"Yes, I can hear you," Tom said, and the quality of his voice made Stu look up sharply.
It was different from Tom's usual voice, but in a way Stu could not quite put his hand to. It reminded him of something which had happened when he was eighteen, and graduating from high school. They had been in the boys' locker room before the ceremony, all the guys he'd been going to school with since... well, since the first day of the first grade in at least four cases, and almost as long in many others. And for just a moment he had seen how much their faces had changed between those old days, those first days, and that moment of insight, standing on the tile floor of the locker room with the black robe in his hands. That vision of change had made him shiver then, and it made him shiver now. The faces he had looked into had no longer been the faces of children... but neither had they yet become the faces of men.
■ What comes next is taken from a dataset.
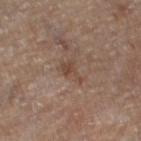Clinical impression:
The lesion was photographed on a routine skin check and not biopsied; there is no pathology result.
Background:
Automated tile analysis of the lesion measured a border-irregularity index near 6/10 and internal color variation of about 1 on a 0–10 scale. A male subject, roughly 85 years of age or older. Cropped from a total-body skin-imaging series; the visible field is about 15 mm. The lesion is on the leg. The tile uses cross-polarized illumination. About 3 mm across.

They were faces in limbo, faces caught perfectly between two well-defined states of being. This voice, coming out of the shadowland of Tom Cullen's subconscious, seemed like those faces, only infinitely sadder. Stu thought it was the voice of the man forever denied.
But they were waiting for him to go on, and go on he must.
"I'm Stu Redman, Tom."
"Yes. Stu Redman."
"Nick is here."
"Yes, Nick is here."
"Ralph Brentner is here, too."
"Yes, Ralph is, too."
"We're your friends."
"I know."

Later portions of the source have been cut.